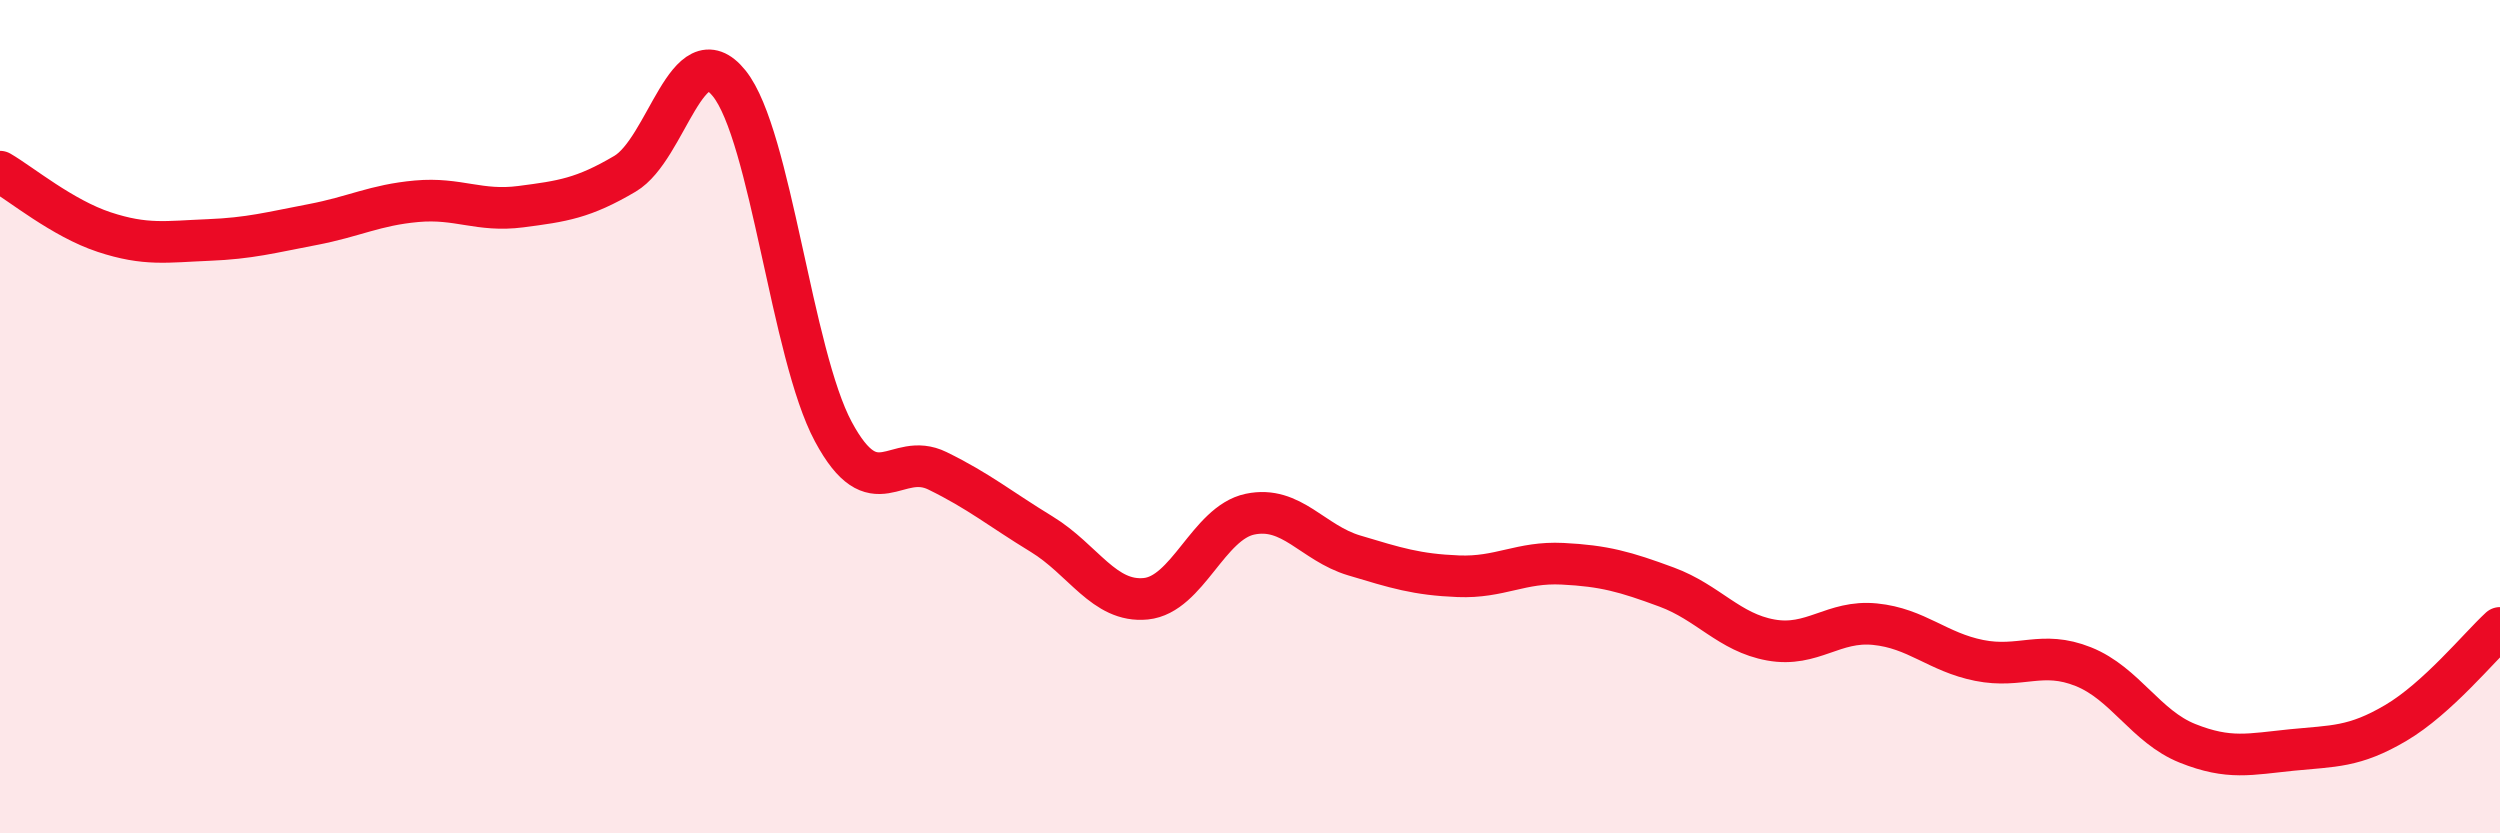 
    <svg width="60" height="20" viewBox="0 0 60 20" xmlns="http://www.w3.org/2000/svg">
      <path
        d="M 0,4.12 C 0.5,4.41 1.5,5.24 2.5,5.57 C 3.5,5.9 4,5.8 5,5.76 C 6,5.72 6.5,5.58 7.5,5.39 C 8.5,5.2 9,4.92 10,4.83 C 11,4.74 11.5,5.09 12.5,4.96 C 13.5,4.83 14,4.76 15,4.17 C 16,3.58 16.5,0.76 17.5,2 C 18.5,3.24 19,8.5 20,10.36 C 21,12.22 21.5,10.81 22.5,11.3 C 23.5,11.79 24,12.21 25,12.82 C 26,13.43 26.5,14.47 27.5,14.37 C 28.5,14.27 29,12.55 30,12.34 C 31,12.13 31.5,13.03 32.5,13.33 C 33.5,13.63 34,13.79 35,13.83 C 36,13.87 36.5,13.48 37.5,13.53 C 38.5,13.58 39,13.72 40,14.09 C 41,14.46 41.5,15.18 42.5,15.36 C 43.5,15.54 44,14.88 45,14.98 C 46,15.08 46.5,15.65 47.5,15.85 C 48.5,16.05 49,15.6 50,16 C 51,16.4 51.5,17.44 52.5,17.84 C 53.5,18.24 54,18.1 55,18 C 56,17.9 56.5,17.94 57.5,17.35 C 58.5,16.76 59.5,15.53 60,15.07L60 20L0 20Z"
        fill="#EB0A25"
        opacity="0.1"
        stroke-linecap="round"
        stroke-linejoin="round"
      />
      <path
        d="M 0,4.12 C 0.5,4.41 1.5,5.24 2.5,5.57 C 3.5,5.9 4,5.8 5,5.76 C 6,5.72 6.5,5.58 7.5,5.39 C 8.5,5.2 9,4.92 10,4.83 C 11,4.74 11.5,5.09 12.5,4.96 C 13.5,4.83 14,4.76 15,4.17 C 16,3.58 16.5,0.76 17.5,2 C 18.5,3.24 19,8.5 20,10.36 C 21,12.22 21.5,10.81 22.5,11.3 C 23.5,11.79 24,12.21 25,12.82 C 26,13.43 26.5,14.47 27.5,14.37 C 28.5,14.27 29,12.55 30,12.34 C 31,12.13 31.5,13.03 32.5,13.33 C 33.5,13.63 34,13.79 35,13.83 C 36,13.87 36.5,13.48 37.5,13.53 C 38.5,13.58 39,13.72 40,14.09 C 41,14.46 41.5,15.18 42.5,15.36 C 43.5,15.54 44,14.88 45,14.98 C 46,15.08 46.5,15.65 47.5,15.85 C 48.5,16.05 49,15.6 50,16 C 51,16.4 51.5,17.44 52.5,17.84 C 53.5,18.24 54,18.1 55,18 C 56,17.9 56.5,17.94 57.5,17.35 C 58.5,16.76 59.5,15.53 60,15.07"
        stroke="#EB0A25"
        stroke-width="1"
        fill="none"
        stroke-linecap="round"
        stroke-linejoin="round"
      />
    </svg>

--*--

_REQUIRED WORK:_ Retype the data above exactly; pictures are not part of the copy.

_WRITTEN ANSWER:_
    <svg width="60" height="20" viewBox="0 0 60 20" xmlns="http://www.w3.org/2000/svg">
      <path
        d="M 0,4.12 C 0.5,4.41 1.5,5.24 2.5,5.57 C 3.5,5.9 4,5.8 5,5.76 C 6,5.72 6.5,5.58 7.5,5.39 C 8.5,5.2 9,4.92 10,4.83 C 11,4.74 11.5,5.09 12.5,4.96 C 13.5,4.83 14,4.76 15,4.17 C 16,3.58 16.5,0.76 17.5,2 C 18.5,3.24 19,8.5 20,10.36 C 21,12.22 21.5,10.81 22.5,11.3 C 23.5,11.79 24,12.21 25,12.82 C 26,13.43 26.5,14.47 27.5,14.37 C 28.5,14.27 29,12.55 30,12.34 C 31,12.13 31.5,13.03 32.5,13.33 C 33.5,13.63 34,13.79 35,13.83 C 36,13.87 36.5,13.48 37.5,13.53 C 38.5,13.58 39,13.72 40,14.09 C 41,14.46 41.5,15.18 42.5,15.36 C 43.5,15.54 44,14.88 45,14.98 C 46,15.08 46.5,15.65 47.5,15.85 C 48.5,16.05 49,15.6 50,16 C 51,16.4 51.5,17.44 52.5,17.84 C 53.5,18.24 54,18.1 55,18 C 56,17.9 56.5,17.94 57.5,17.35 C 58.5,16.76 59.5,15.53 60,15.07L60 20L0 20Z"
        fill="#EB0A25"
        opacity="0.1"
        stroke-linecap="round"
        stroke-linejoin="round"
      />
      <path
        d="M 0,4.12 C 0.5,4.41 1.5,5.24 2.5,5.57 C 3.5,5.9 4,5.8 5,5.76 C 6,5.72 6.5,5.58 7.5,5.39 C 8.5,5.2 9,4.92 10,4.83 C 11,4.74 11.5,5.09 12.5,4.96 C 13.5,4.83 14,4.76 15,4.17 C 16,3.58 16.5,0.76 17.5,2 C 18.5,3.24 19,8.5 20,10.36 C 21,12.22 21.5,10.81 22.5,11.3 C 23.5,11.79 24,12.21 25,12.82 C 26,13.43 26.5,14.47 27.5,14.37 C 28.5,14.27 29,12.55 30,12.34 C 31,12.13 31.5,13.03 32.5,13.33 C 33.5,13.63 34,13.79 35,13.83 C 36,13.87 36.5,13.48 37.5,13.53 C 38.5,13.58 39,13.72 40,14.09 C 41,14.46 41.5,15.18 42.5,15.36 C 43.5,15.54 44,14.88 45,14.98 C 46,15.08 46.5,15.65 47.5,15.85 C 48.5,16.05 49,15.6 50,16 C 51,16.4 51.5,17.44 52.5,17.84 C 53.5,18.24 54,18.1 55,18 C 56,17.9 56.5,17.94 57.5,17.35 C 58.5,16.76 59.5,15.53 60,15.07"
        stroke="#EB0A25"
        stroke-width="1"
        fill="none"
        stroke-linecap="round"
        stroke-linejoin="round"
      />
    </svg>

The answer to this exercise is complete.